Let us define some terms. A rewrite grammar is a set of replacement rules each of which specifies that a given phrase may be replaced by another given phrase. Each replacement rule expresses a local translation. A parser finds those sequences of replacements that bring a given text to a machine handleable form. Each such sequence represents a meaning or interpretation for the given text. Tolerance of ambiguity or multiple interpretations for a given text is necessary so that subsequent processing can place further constraints upon the input text.

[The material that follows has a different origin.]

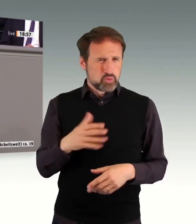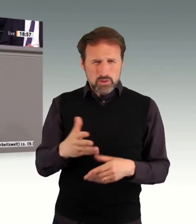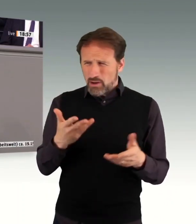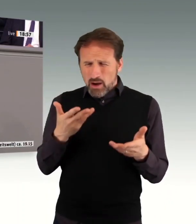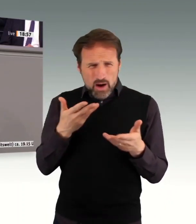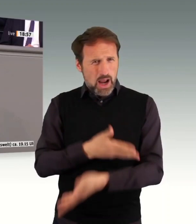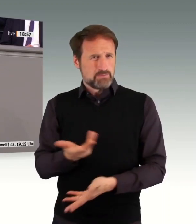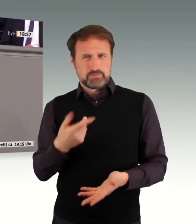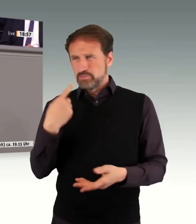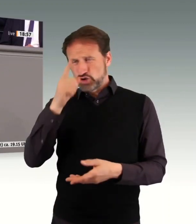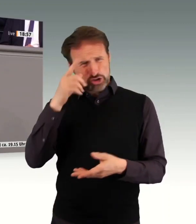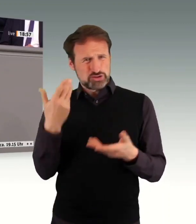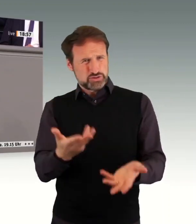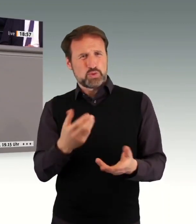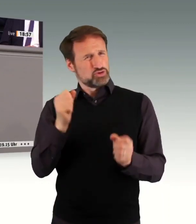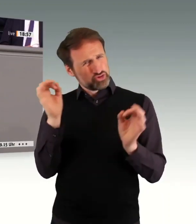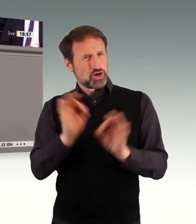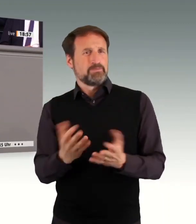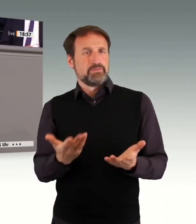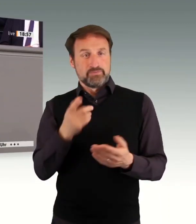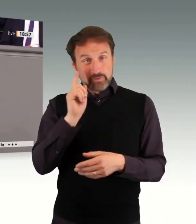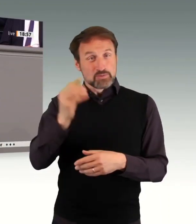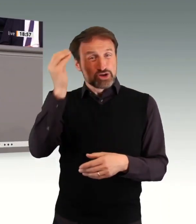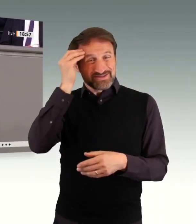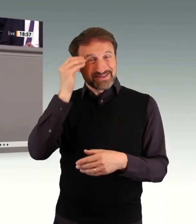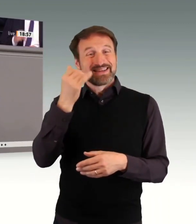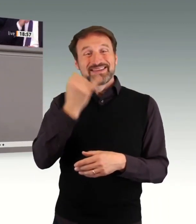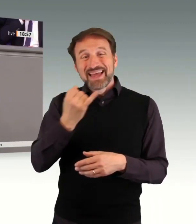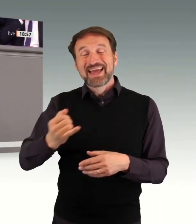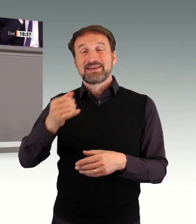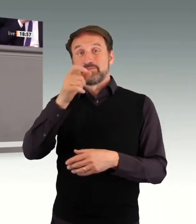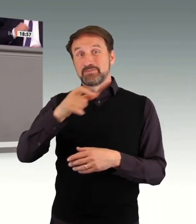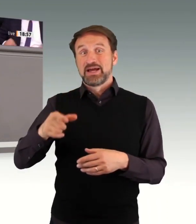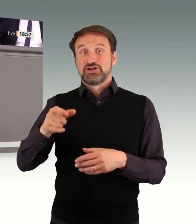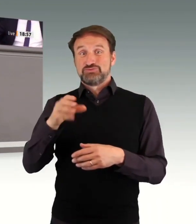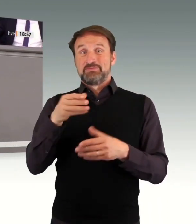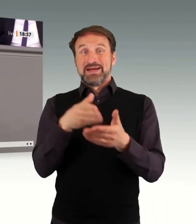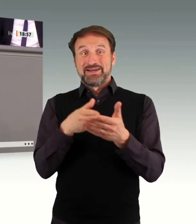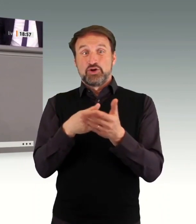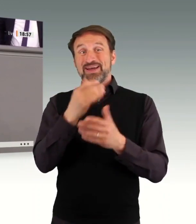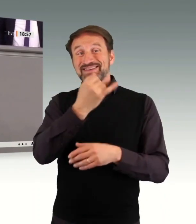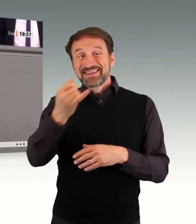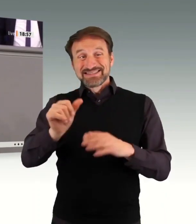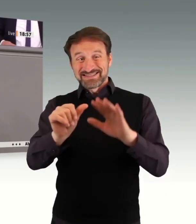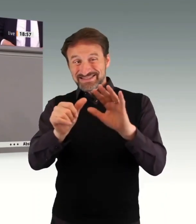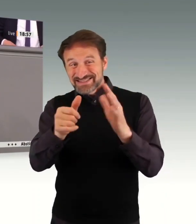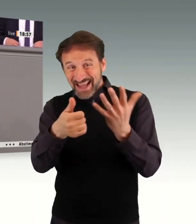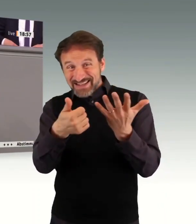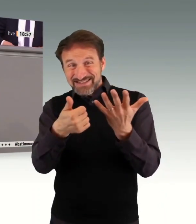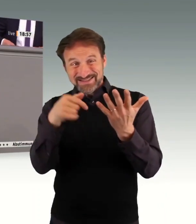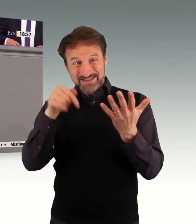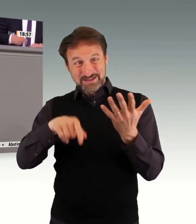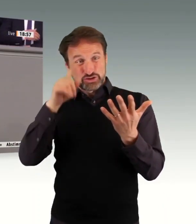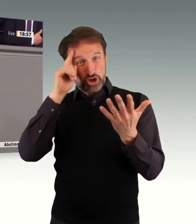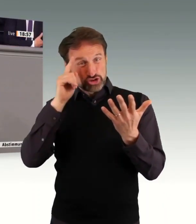Aufgabe, Menschen mit Behinderung stärker in den Fokus zu rücken. Wir als AfD-Fraktion werden uns weiterhin intensiv für eine

This thesis presents a parser which efficiently, handles general-rewrite grammars. To conserve computer time and memory, only essential differences among multiple interpretations are represented and processed. If several interpretations for a given text are valid, the parser yields a meaning which represents the ambiguity as, locally as possible. Even an exponential number of distinct meanings may be represented in a polynomial amount of memory.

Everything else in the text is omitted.